When enabled, ferryllm exposes Prometheus-style counters at `/metrics`:

```text
ferryllm_requests_total
ferryllm_requests_ok_total
ferryllm_requests_error_total
ferryllm_upstream_errors_total
```

## Provider Resilience


Non-streaming upstream requests can be retried with exponential backoff:

```toml
[server]
retry_attempts = 2
retry_backoff_ms = 100
circuit_breaker_failures = 5
circuit_breaker_cooldown_secs = 30
```

`retry_attempts` is the number of retries after the first attempt. The default is `0`, which preserves fail-fast behavior. Streaming requests are not retried because ferryllm may already have started sending tokens to the client.

When `circuit_breaker_failures` is set, ferryllm tracks consecutive failures per provider.
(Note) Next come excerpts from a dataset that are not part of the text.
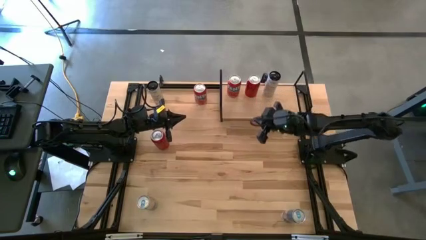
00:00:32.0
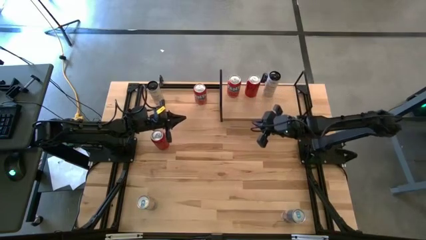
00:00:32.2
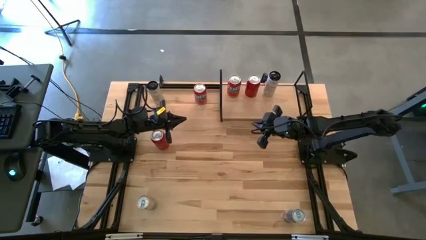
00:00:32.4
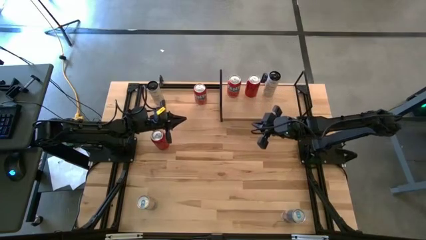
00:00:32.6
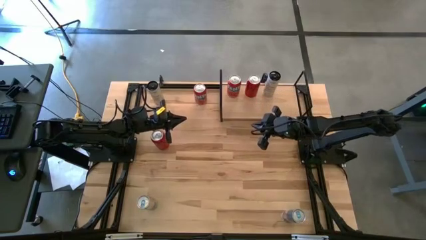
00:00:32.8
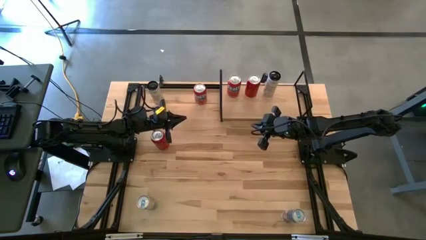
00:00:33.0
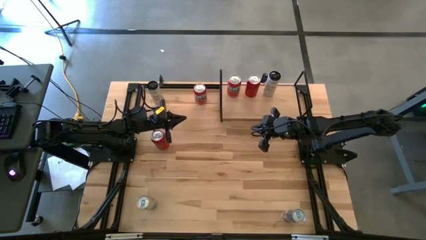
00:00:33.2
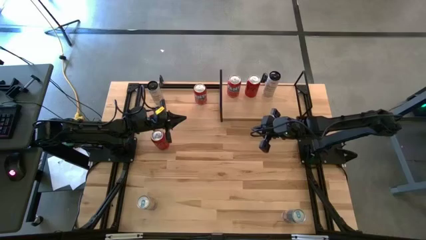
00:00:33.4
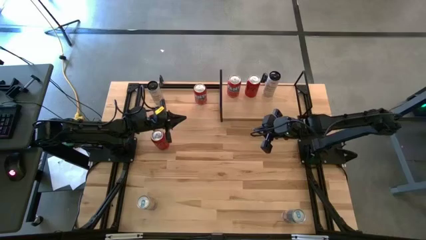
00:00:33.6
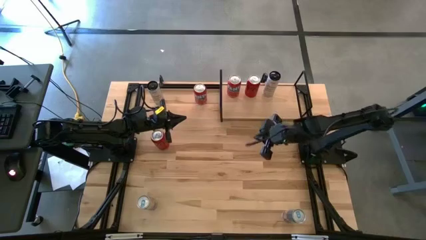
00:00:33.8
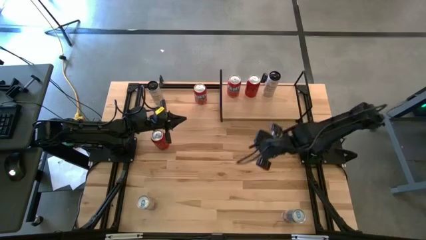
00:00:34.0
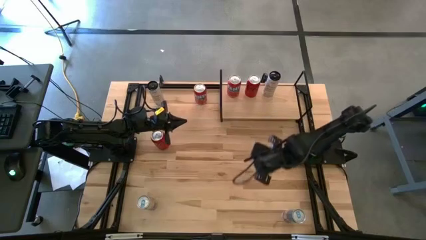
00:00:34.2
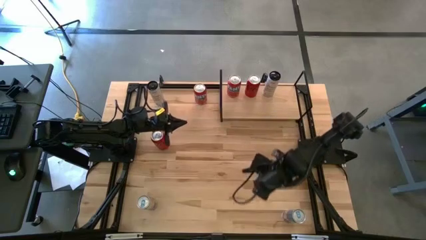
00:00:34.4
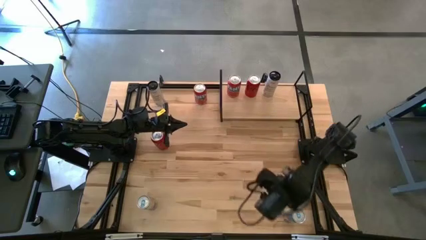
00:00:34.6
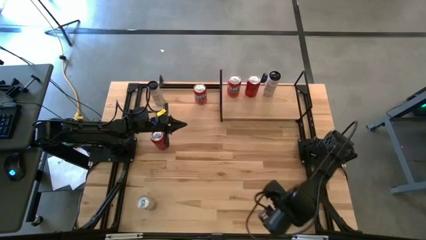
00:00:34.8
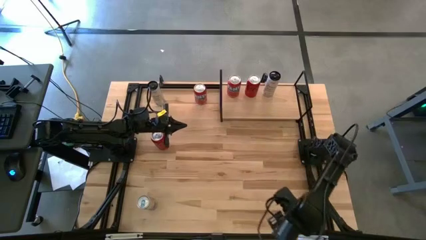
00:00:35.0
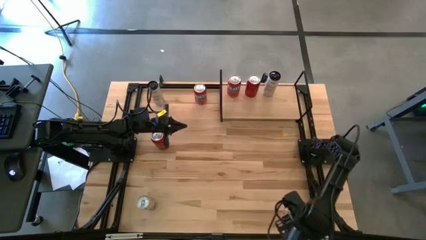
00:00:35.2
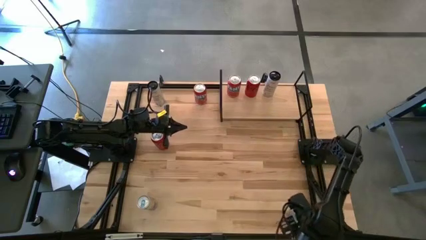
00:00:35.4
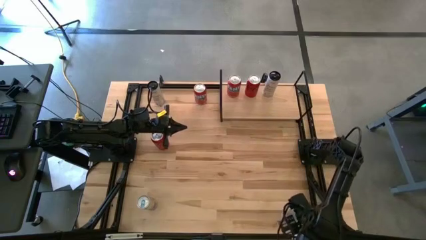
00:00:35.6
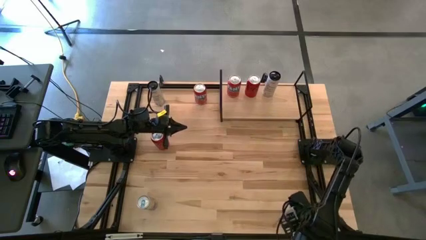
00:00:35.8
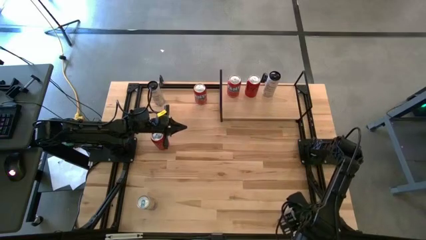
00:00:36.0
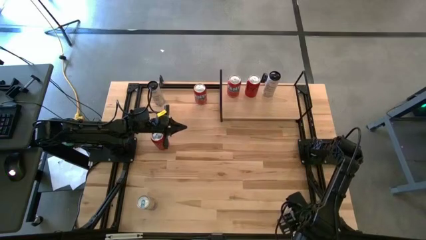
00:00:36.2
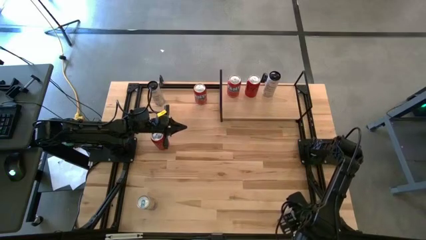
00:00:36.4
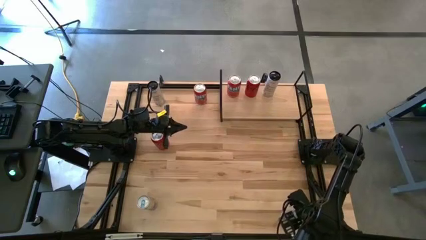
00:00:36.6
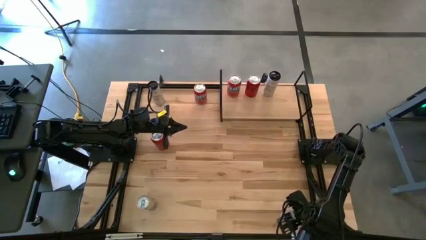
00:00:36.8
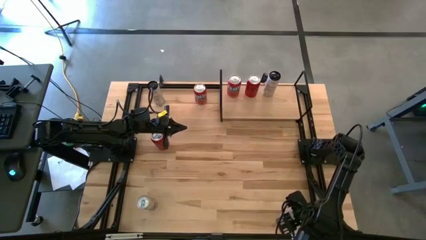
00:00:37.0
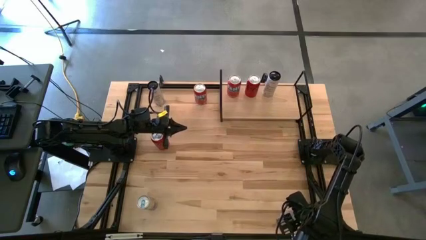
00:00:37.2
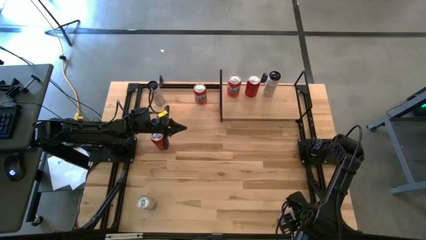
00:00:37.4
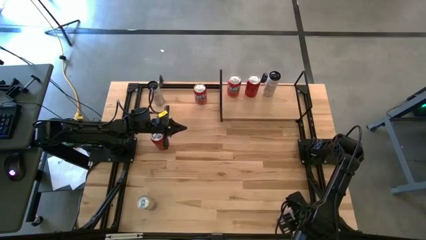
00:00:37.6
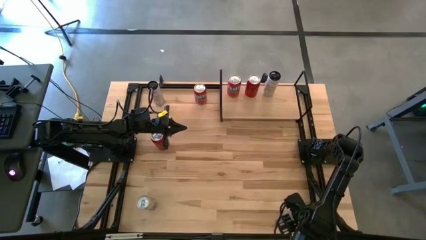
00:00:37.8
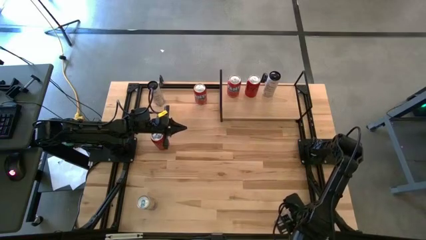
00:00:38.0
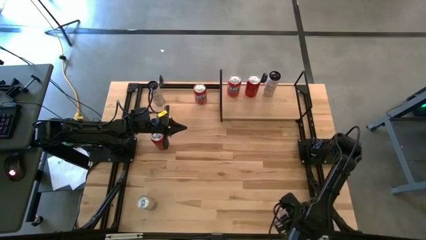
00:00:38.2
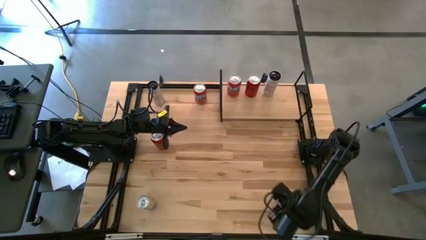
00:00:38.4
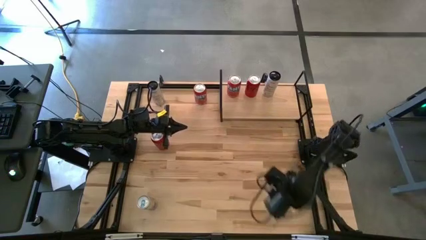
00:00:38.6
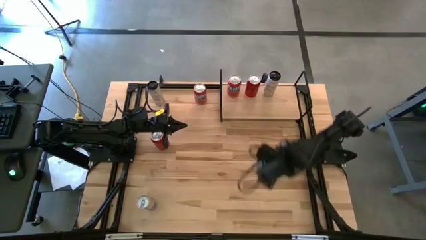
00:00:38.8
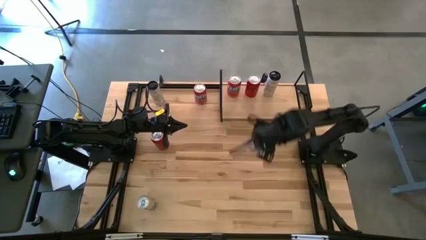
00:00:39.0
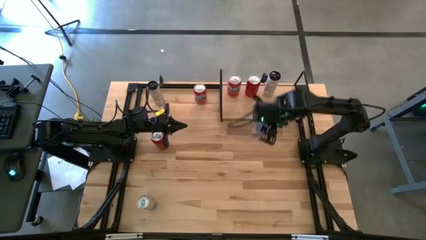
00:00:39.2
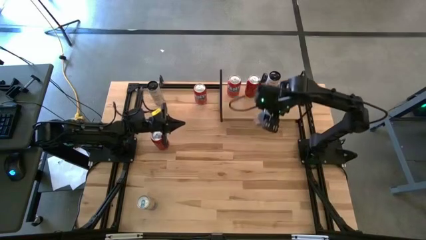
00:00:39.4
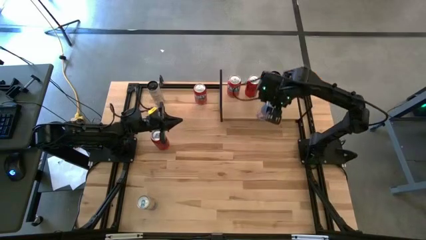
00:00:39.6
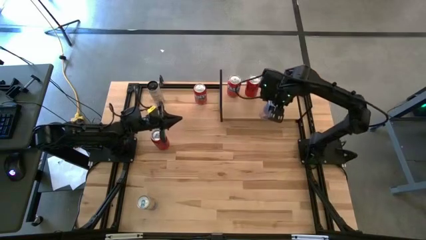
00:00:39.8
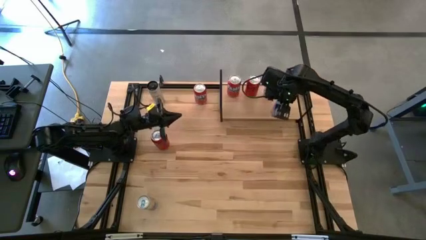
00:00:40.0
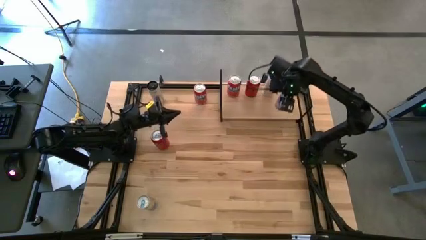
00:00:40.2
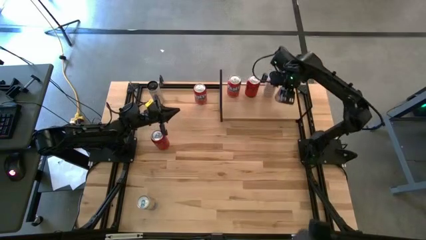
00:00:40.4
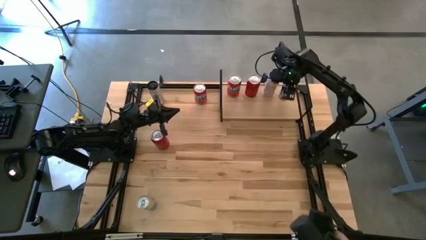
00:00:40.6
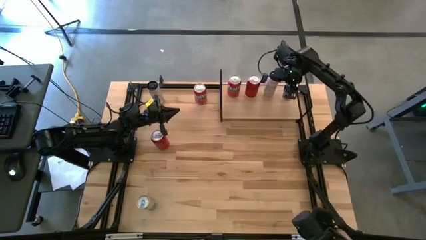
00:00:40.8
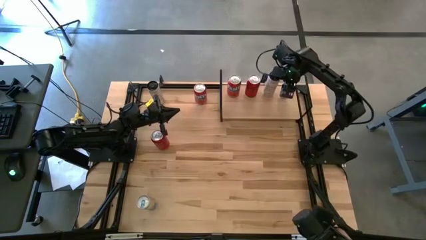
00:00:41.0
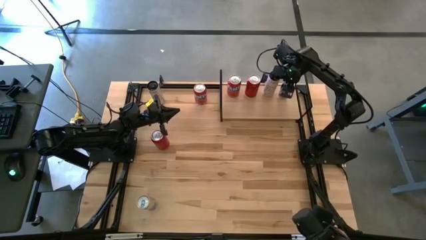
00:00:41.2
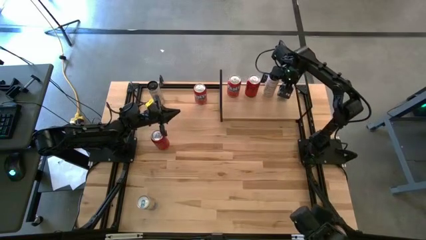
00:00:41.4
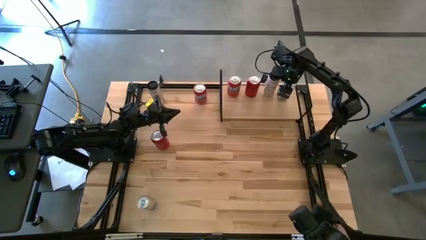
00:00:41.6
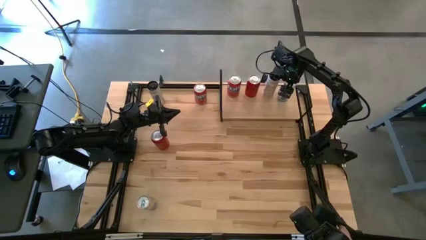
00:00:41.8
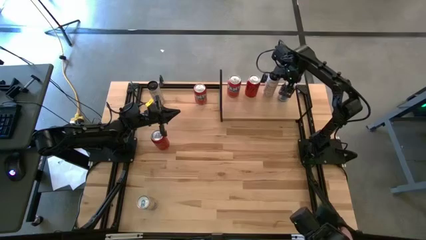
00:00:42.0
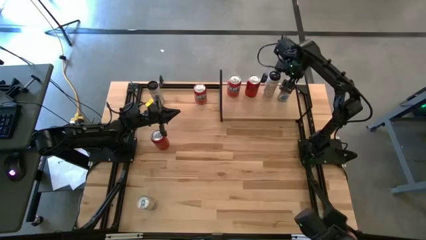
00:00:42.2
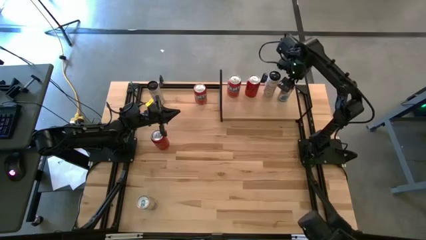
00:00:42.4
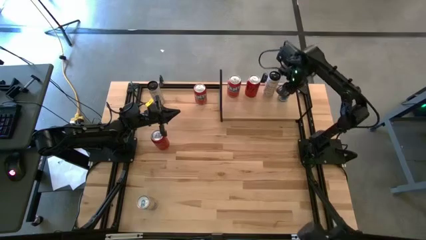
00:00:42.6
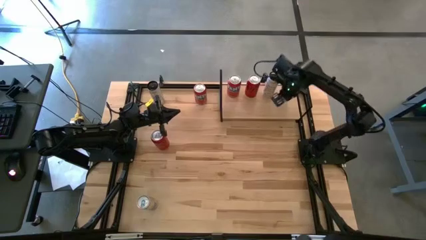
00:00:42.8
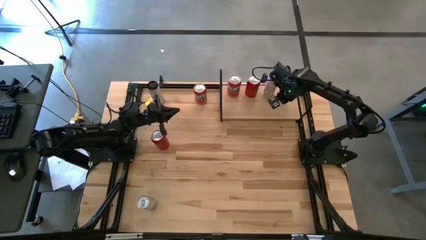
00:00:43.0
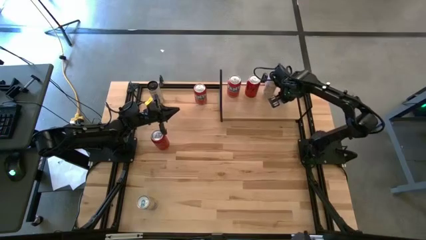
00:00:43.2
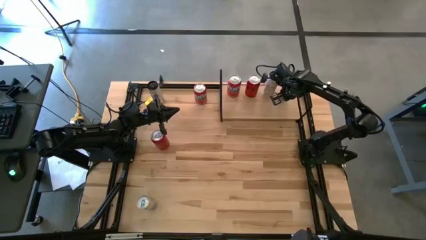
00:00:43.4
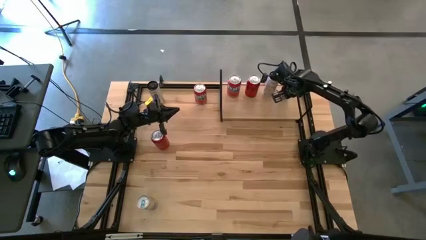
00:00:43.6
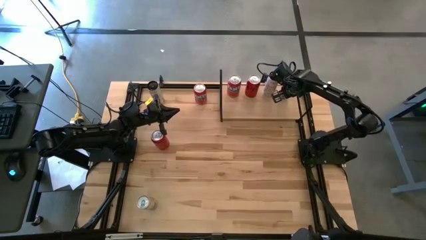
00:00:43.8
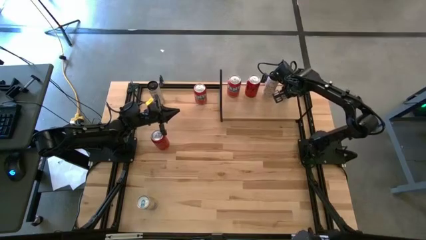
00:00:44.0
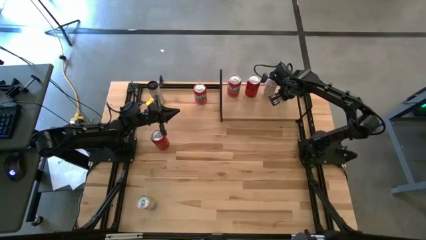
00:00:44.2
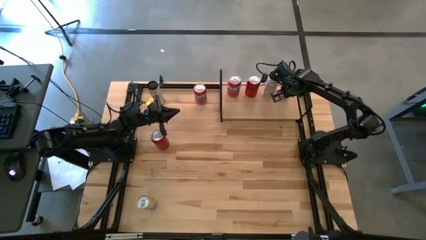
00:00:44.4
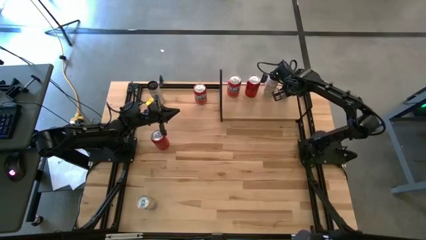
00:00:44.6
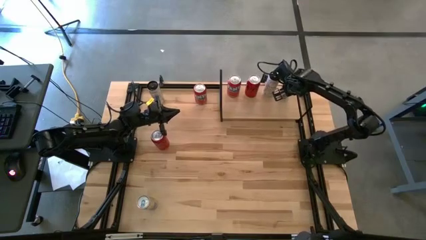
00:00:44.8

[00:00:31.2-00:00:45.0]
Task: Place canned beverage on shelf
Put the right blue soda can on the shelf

Once the threshold is reached, that provider is short-circuited until `circuit_breaker_cooldown_secs` has elapsed. Fallback providers can still be tried while the primary provider circuit is open.

## Validation Rules


The server should fail fast during startup when:

- A provider referenced by a route does not exist.
- A provider secret environment variable is missing.
- Two providers have the same name.
- A route has neither a provider nor a strategy.
- A timeout, body size, or weight value is invalid.

## Security Notes


- Never commit real API keys.
- Prefer `api_key_env` over inline `api_key`.
- Redact authorization headers in logs.
- Redact request bodies by default.
- Log model names, provider names, status codes, and latency instead of full prompts.